The naive interpretation of eval coverage is headcount: do you have enough test cases? But coverage measured by count is almost meaningless. You could have ten thousand eval cases and still have critical blind spots if those cases cluster in the same semantic neighborhood.

The real question is: does your eval set's query distribution approximate your production query distribution?

Consider an AI customer support agent. When you built the eval suite at launch, users were mostly asking about account setup and basic navigation. Eight months later, they're asking about billing discrepancies, integration errors, and edge cases in a new product tier you shipped in Q3. Your eval set wasn't updated. The model handles the new query types adequately, but not well—and you have no eval signal for those queries because they don't exist in your suite. The aggregate score looks fine because the majority of eval cases (the old ones) still pass.

This is the coverage gap: the difference between where your eval weight is concentrated and where your actual user traffic lives.
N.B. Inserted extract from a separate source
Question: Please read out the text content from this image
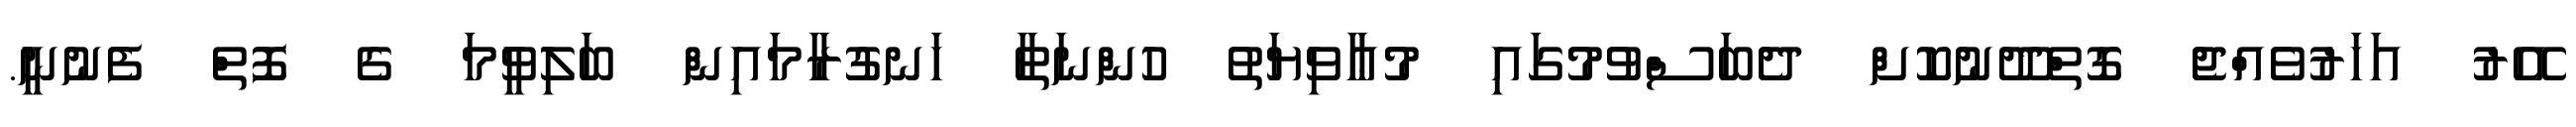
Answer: އޭރު އަހަރުވެއްޖެ ގޮތްދޫނުކޮށް ދެބަސްވުމުގައި މުޢާވިޔަތު ހުންނަތާ ހަނގުރާމައިން ބަލިވީމަ ގެ ފޮތް ފެނުނީ.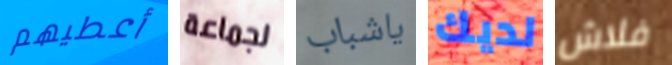
أعطيهم لجماعة ياشباب لديك فلاش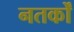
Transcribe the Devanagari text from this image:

The Cluster Analysis Approach to Measuring Coverage Gaps

The most direct way to measure coverage gaps is to embed and cluster both your production queries and your eval queries, then compare the resulting distributions.

The mechanics are straightforward:

  1. Sample production traffic over a meaningful window—typically 30 days, stratified to avoid over-representing weekend vs. weekday patterns or promotional spikes that don't reflect steady-state behavior.
  2. Embed both sets using the same embedding model. Consistency matters here; mixing embedding models introduces noise that obscures real distributional differences.
  3. Cluster the production queries using k-means or HDBSCAN (the latter handles density variation better for query sets that have a long tail of unusual inputs). Choose a granularity that's meaningful—typically 20–80 clusters for a mid-size production system.
  4. Project your eval queries onto those clusters and measure what fraction of each cluster your eval set covers, weighted by how much traffic each cluster receives.

What you get out of this is a coverage heatmap. Some clusters will be densely covered—you have many eval cases from that semantic region. Others will be sparsely covered or completely empty. Cross-referencing cluster size (how much production traffic it represents) against eval density (how many eval cases you have in that region) tells you exactly where your blind spots are.

A cluster that represents 15% of your production traffic and contains zero eval cases is not a gap—it's a liability.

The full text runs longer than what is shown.